# Fluval 405 or Rena XP3???????



## runningforyou (Jul 25, 2006)

I have (had) a Fluval 403 I bought 5+ years ago and I have been very happy with it, but had a power outage yesterday, and it stopped working. I have taken it apart and put it back together, plug it in, and still no sound from the motor. I'm pretty sure it's dead. So time for new canister. It appears both the 405 and XP3 have gotten praise, but the Rena XP3 is cheaper. I also have a pair of Powerhead 802s for water movement. What is your recommendation on which canister and why? I am looking something that has been as quite as my old 403 (couldn't hear it with the cabinet doors closed). Thank you for your input.


----------



## Puffer Pita (Jun 16, 2006)

I highly recommend the Rena XP series. Easier to set up, easier to maintain, imo. Price is cheaper and it works just as well, if not better. The only sound I hear is the water movement from the spray bar (I have it opened to full and have it aggitating the water quite a bit).


----------



## Damon (Jan 18, 2005)

I own both (well a fluval 204) and I also have an eheim. From my personal experience and others I've come to this conclusion...............
Rena - Best waterflow and biggest media baskets
Eheim -Better quality pump and impeller. Pricier but the best.
Fluval - A mix of the 2 above

It depends on what you want the filter for.
For waterflow I'd go Rena (actually I did)
For mechanical filtration I'd go Fluval
For the best of both worlds and price isn't an object, I'd go Eheim


----------



## flamingo (Nov 5, 2005)

Like said, if you have the money Eheim is definitely the way to go. It handles large bio-loads and pretty easy maintenance.

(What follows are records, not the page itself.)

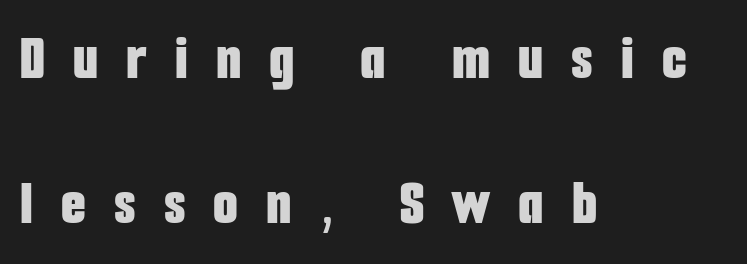
{"serif": "no", "italic": "no", "bold": "yes", "weight": "bold", "width": "condensed", "stroke_contrast": "low", "x_height": "medium", "monospaced": "no", "underline": "no", "align": "left", "line_spacing": "loose", "line_spacing_ratio": 2.27, "letter_spacing": "wide", "letter_spacing_em": 0.44, "glyph_px": 64}
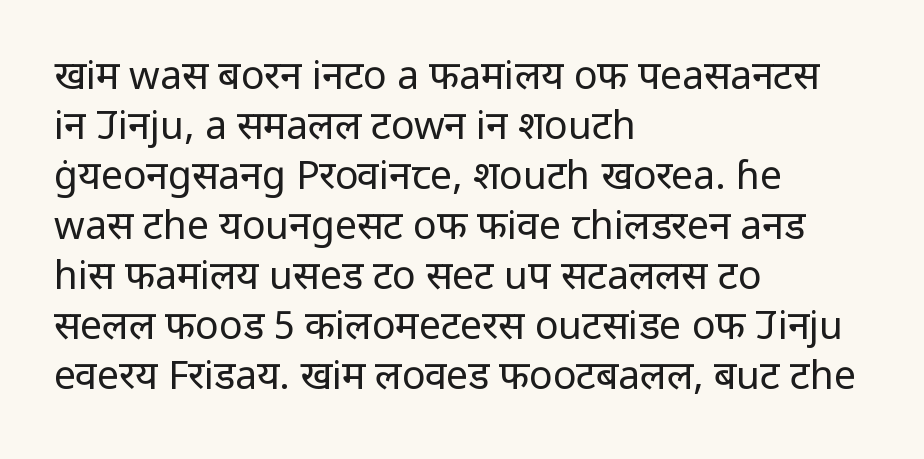
{"serif": "no", "italic": "no", "bold": "no", "weight": "regular", "width": "normal", "stroke_contrast": "low", "x_height": "medium", "monospaced": "no", "underline": "no", "align": "left", "line_spacing": "normal", "line_spacing_ratio": 1.28, "letter_spacing": "normal", "letter_spacing_em": 0.0, "glyph_px": 39}
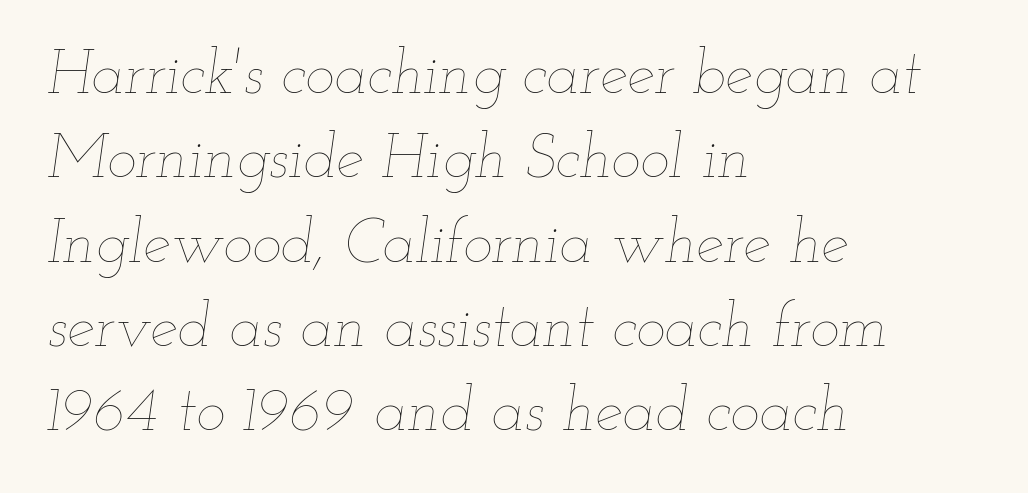
Q: Is the text bold? A: No.
Q: Is the text italic (slanted)? A: Yes, it leans right by about 12 degrees.
Q: Is the text underlined? A: No.
Q: How is the paragraph aligned? A: Left-aligned.
Q: Is the spacing between letters normal or unusually wide? A: Normal.
Q: Is the spacing between lines tight, normal or loose? A: Normal.
Q: Width (condensed, normal, or wide)? A: Wide.
Q: Stroke contrast? A: Low.
Q: x-height? A: Small.
Q: Monospaced? A: No.
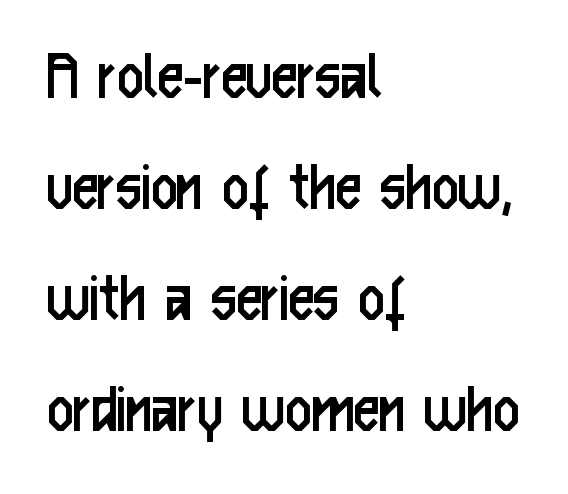
{"serif": "no", "italic": "no", "bold": "no", "weight": "regular", "width": "condensed", "stroke_contrast": "low", "x_height": "medium", "monospaced": "no", "underline": "no", "align": "left", "line_spacing": "normal", "line_spacing_ratio": 1.54, "letter_spacing": "normal", "letter_spacing_em": 0.0, "glyph_px": 72}
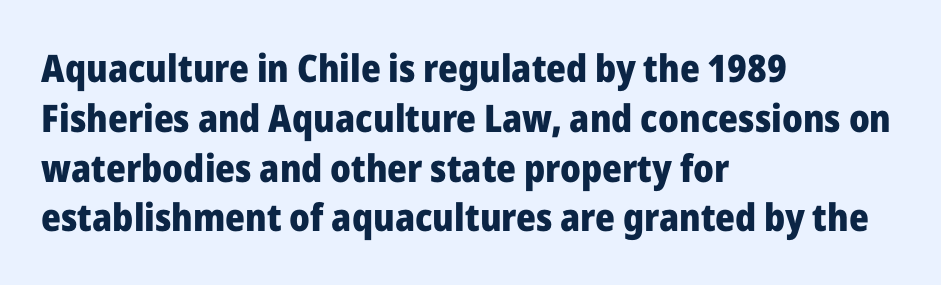
The image shows 38 px heavy sans-serif type, upright; set left-aligned, normal line spacing (1.31x), normal letter spacing, not underlined; low stroke contrast and a medium x-height.
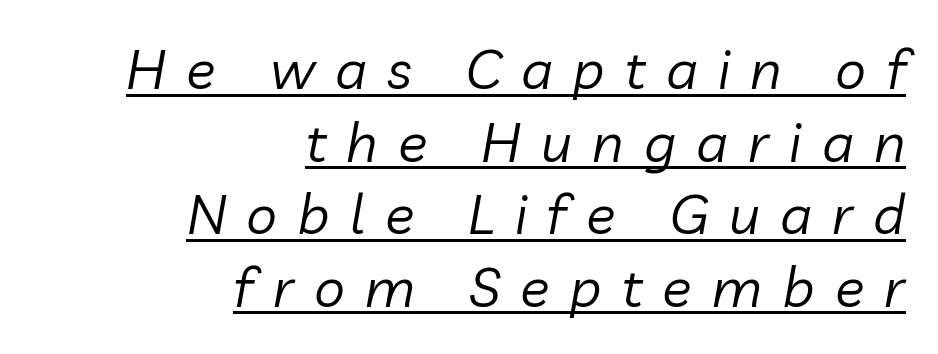
The strokes carry an ordinary text weight at most. The rag falls on the left side of this text block. Words appear elongated and porous because spacing is wide. Decoration check: the copy is underlined. Italic? Definitely — the glyphs are oblique.

But, if you want to go a little cheaper, i'd go with the Rena Xp series. I have one xp1 on my 65 gallon, that's kinda getting overstocked lmao, and it handles the mess quite well. The only thing I hate about it is that the filter intake tube is kinda weak and the grating is so close together that it doesn't suck everything up. On mine I just took off the spray bar an dmade the water shoot out in one straight stream across the top of the water. Having the spraybar on just reduces water flow too much and oxygen levels get lower.


----------



## Puffer Pita (Jun 16, 2006)

flamingonhot said:


> Having the spraybar on just reduces water flow too much and oxygen levels get lower.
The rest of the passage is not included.